_WHAT IS NEEDED_
For every entry that follows, return an identical copy.

*** SOURCE RECORDS Section Begins ***

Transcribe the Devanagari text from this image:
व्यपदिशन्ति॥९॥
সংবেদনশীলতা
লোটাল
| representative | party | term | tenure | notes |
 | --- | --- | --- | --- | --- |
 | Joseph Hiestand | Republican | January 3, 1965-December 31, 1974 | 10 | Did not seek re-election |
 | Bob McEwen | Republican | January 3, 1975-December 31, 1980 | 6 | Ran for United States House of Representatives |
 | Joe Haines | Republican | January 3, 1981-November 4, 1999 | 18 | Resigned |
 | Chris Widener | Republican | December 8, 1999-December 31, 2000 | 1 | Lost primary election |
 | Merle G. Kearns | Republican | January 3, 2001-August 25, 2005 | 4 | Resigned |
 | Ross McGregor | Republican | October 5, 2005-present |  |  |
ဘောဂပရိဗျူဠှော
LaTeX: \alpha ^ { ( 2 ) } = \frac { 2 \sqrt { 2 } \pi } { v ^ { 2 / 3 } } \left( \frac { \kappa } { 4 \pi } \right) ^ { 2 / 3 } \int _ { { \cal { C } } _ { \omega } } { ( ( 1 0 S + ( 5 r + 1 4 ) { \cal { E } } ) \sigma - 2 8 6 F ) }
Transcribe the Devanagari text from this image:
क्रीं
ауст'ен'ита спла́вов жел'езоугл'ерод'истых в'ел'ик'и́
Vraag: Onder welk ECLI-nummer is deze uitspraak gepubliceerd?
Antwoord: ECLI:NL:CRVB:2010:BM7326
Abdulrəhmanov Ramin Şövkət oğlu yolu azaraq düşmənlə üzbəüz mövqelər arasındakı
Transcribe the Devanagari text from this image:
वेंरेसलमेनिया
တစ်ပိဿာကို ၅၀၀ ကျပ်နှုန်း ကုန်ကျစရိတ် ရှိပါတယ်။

*** SOURCE RECORDS Section Ends ***

_ANSWER TO THIS EXERCISE_
Transcribe the Devanagari text from this image:
व्यपदिशन्ति॥९॥
সংবেদনশীলতা
লোটাল
| representative | party | term | tenure | notes |
 | --- | --- | --- | --- | --- |
 | Joseph Hiestand | Republican | January 3, 1965-December 31, 1974 | 10 | Did not seek re-election |
 | Bob McEwen | Republican | January 3, 1975-December 31, 1980 | 6 | Ran for United States House of Representatives |
 | Joe Haines | Republican | January 3, 1981-November 4, 1999 | 18 | Resigned |
 | Chris Widener | Republican | December 8, 1999-December 31, 2000 | 1 | Lost primary election |
 | Merle G. Kearns | Republican | January 3, 2001-August 25, 2005 | 4 | Resigned |
 | Ross McGregor | Republican | October 5, 2005-present |  |  |
ဘောဂပရိဗျူဠှော
LaTeX: \alpha ^ { ( 2 ) } = \frac { 2 \sqrt { 2 } \pi } { v ^ { 2 / 3 } } \left( \frac { \kappa } { 4 \pi } \right) ^ { 2 / 3 } \int _ { { \cal { C } } _ { \omega } } { ( ( 1 0 S + ( 5 r + 1 4 ) { \cal { E } } ) \sigma - 2 8 6 F ) }
Transcribe the Devanagari text from this image:
क्रीं
ауст'ен'ита спла́вов жел'езоугл'ерод'истых в'ел'ик'и́
Vraag: Onder welk ECLI-nummer is deze uitspraak gepubliceerd?
Antwoord: ECLI:NL:CRVB:2010:BM7326
Abdulrəhmanov Ramin Şövkət oğlu yolu azaraq düşmənlə üzbəüz mövqelər arasındakı
Transcribe the Devanagari text from this image:
वेंरेसलमेनिया
တစ်ပိဿာကို ၅၀၀ ကျပ်နှုန်း ကုန်ကျစရိတ် ရှိပါတယ်။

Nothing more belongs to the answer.